Records from a data collection:
---------------
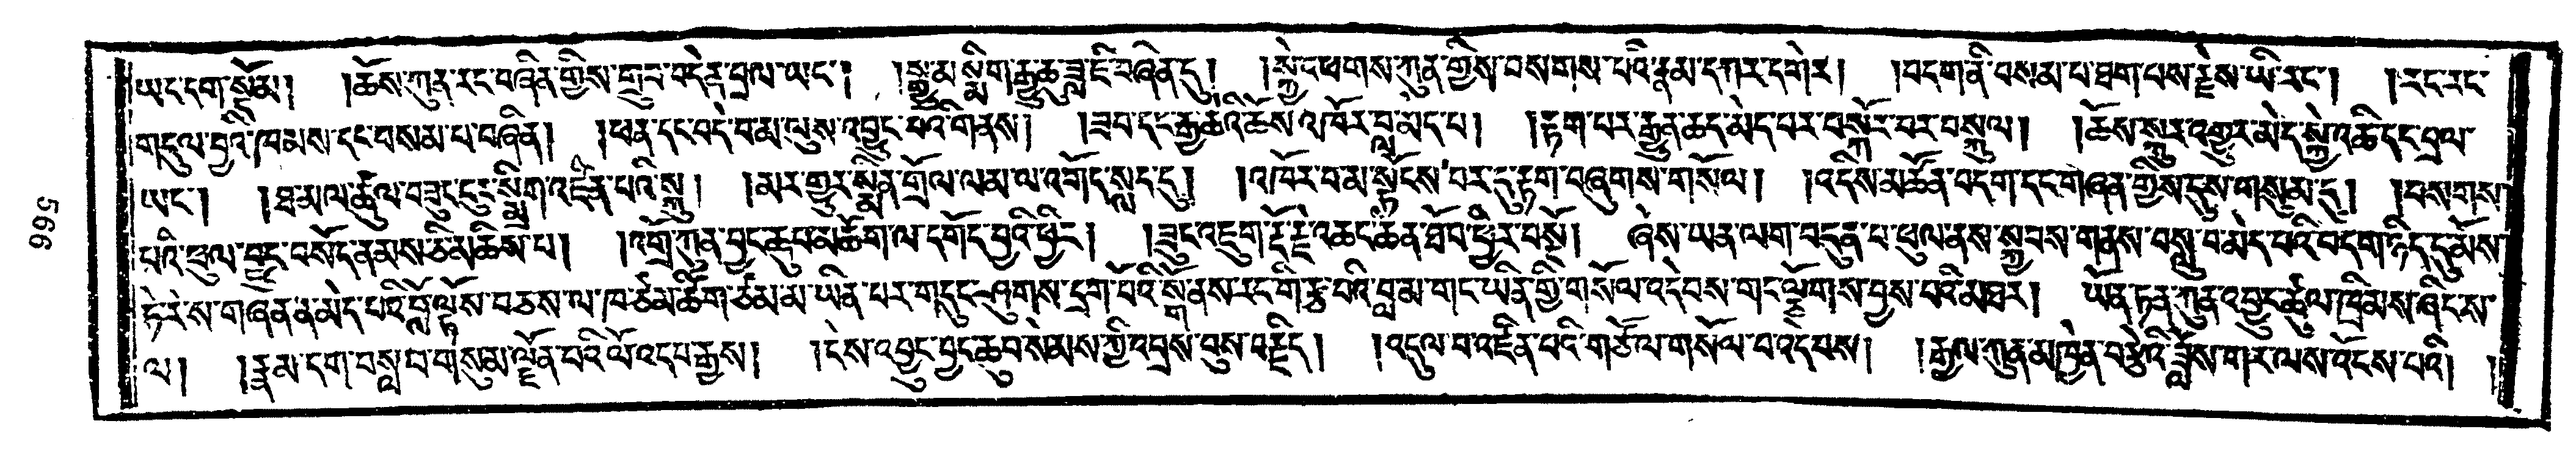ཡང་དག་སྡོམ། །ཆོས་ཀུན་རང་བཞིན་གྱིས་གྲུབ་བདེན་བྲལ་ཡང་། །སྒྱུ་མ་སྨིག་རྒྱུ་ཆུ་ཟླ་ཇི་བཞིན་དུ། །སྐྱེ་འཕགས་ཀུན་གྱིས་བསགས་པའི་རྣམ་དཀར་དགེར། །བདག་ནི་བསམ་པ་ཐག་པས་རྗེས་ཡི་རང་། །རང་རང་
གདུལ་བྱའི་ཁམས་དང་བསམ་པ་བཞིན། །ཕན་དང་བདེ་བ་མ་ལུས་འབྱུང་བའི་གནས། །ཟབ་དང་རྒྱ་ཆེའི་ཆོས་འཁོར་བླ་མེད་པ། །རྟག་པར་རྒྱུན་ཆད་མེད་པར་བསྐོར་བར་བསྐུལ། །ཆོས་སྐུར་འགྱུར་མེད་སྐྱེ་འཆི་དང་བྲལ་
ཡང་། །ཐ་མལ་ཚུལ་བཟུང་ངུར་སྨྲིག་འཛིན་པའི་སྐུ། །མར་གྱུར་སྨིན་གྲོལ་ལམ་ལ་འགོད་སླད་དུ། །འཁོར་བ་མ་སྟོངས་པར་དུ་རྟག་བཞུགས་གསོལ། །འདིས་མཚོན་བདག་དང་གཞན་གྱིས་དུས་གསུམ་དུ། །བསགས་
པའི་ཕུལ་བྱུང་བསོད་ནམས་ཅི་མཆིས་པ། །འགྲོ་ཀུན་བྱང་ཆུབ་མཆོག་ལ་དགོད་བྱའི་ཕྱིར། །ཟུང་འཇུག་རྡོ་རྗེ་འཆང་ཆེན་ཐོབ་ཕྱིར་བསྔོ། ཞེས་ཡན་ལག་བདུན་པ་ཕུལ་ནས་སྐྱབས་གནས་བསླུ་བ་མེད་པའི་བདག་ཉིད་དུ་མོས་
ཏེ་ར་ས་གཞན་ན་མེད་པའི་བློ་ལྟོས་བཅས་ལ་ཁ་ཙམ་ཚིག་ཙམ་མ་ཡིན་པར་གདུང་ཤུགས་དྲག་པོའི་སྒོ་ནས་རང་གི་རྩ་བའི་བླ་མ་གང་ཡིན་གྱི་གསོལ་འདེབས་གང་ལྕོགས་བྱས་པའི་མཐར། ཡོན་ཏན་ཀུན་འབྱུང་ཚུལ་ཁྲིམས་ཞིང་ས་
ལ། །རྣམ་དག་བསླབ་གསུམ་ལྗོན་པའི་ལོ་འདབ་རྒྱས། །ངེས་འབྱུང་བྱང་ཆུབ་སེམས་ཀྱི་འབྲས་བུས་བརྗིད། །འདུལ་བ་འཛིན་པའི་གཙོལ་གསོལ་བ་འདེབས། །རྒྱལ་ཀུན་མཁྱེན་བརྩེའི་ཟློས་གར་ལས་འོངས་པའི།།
---------------
### Task requirements
Images stay out, but the rest of the records must be retyped exactly.

### Answer section
ཡང་དག་སྡོམ། །ཆོས་ཀུན་རང་བཞིན་གྱིས་གྲུབ་བདེན་བྲལ་ཡང་། །སྒྱུ་མ་སྨིག་རྒྱུ་ཆུ་ཟླ་ཇི་བཞིན་དུ། །སྐྱེ་འཕགས་ཀུན་གྱིས་བསགས་པའི་རྣམ་དཀར་དགེར། །བདག་ནི་བསམ་པ་ཐག་པས་རྗེས་ཡི་རང་། །རང་རང་
གདུལ་བྱའི་ཁམས་དང་བསམ་པ་བཞིན། །ཕན་དང་བདེ་བ་མ་ལུས་འབྱུང་བའི་གནས། །ཟབ་དང་རྒྱ་ཆེའི་ཆོས་འཁོར་བླ་མེད་པ། །རྟག་པར་རྒྱུན་ཆད་མེད་པར་བསྐོར་བར་བསྐུལ། །ཆོས་སྐུར་འགྱུར་མེད་སྐྱེ་འཆི་དང་བྲལ་
ཡང་། །ཐ་མལ་ཚུལ་བཟུང་ངུར་སྨྲིག་འཛིན་པའི་སྐུ། །མར་གྱུར་སྨིན་གྲོལ་ལམ་ལ་འགོད་སླད་དུ། །འཁོར་བ་མ་སྟོངས་པར་དུ་རྟག་བཞུགས་གསོལ། །འདིས་མཚོན་བདག་དང་གཞན་གྱིས་དུས་གསུམ་དུ། །བསགས་
པའི་ཕུལ་བྱུང་བསོད་ནམས་ཅི་མཆིས་པ། །འགྲོ་ཀུན་བྱང་ཆུབ་མཆོག་ལ་དགོད་བྱའི་ཕྱིར། །ཟུང་འཇུག་རྡོ་རྗེ་འཆང་ཆེན་ཐོབ་ཕྱིར་བསྔོ། ཞེས་ཡན་ལག་བདུན་པ་ཕུལ་ནས་སྐྱབས་གནས་བསླུ་བ་མེད་པའི་བདག་ཉིད་དུ་མོས་
ཏེ་ར་ས་གཞན་ན་མེད་པའི་བློ་ལྟོས་བཅས་ལ་ཁ་ཙམ་ཚིག་ཙམ་མ་ཡིན་པར་གདུང་ཤུགས་དྲག་པོའི་སྒོ་ནས་རང་གི་རྩ་བའི་བླ་མ་གང་ཡིན་གྱི་གསོལ་འདེབས་གང་ལྕོགས་བྱས་པའི་མཐར། ཡོན་ཏན་ཀུན་འབྱུང་ཚུལ་ཁྲིམས་ཞིང་ས་
ལ། །རྣམ་དག་བསླབ་གསུམ་ལྗོན་པའི་ལོ་འདབ་རྒྱས། །ངེས་འབྱུང་བྱང་ཆུབ་སེམས་ཀྱི་འབྲས་བུས་བརྗིད། །འདུལ་བ་འཛིན་པའི་གཙོལ་གསོལ་བ་འདེབས། །རྒྱལ་ཀུན་མཁྱེན་བརྩེའི་ཟློས་གར་ལས་འོངས་པའི།།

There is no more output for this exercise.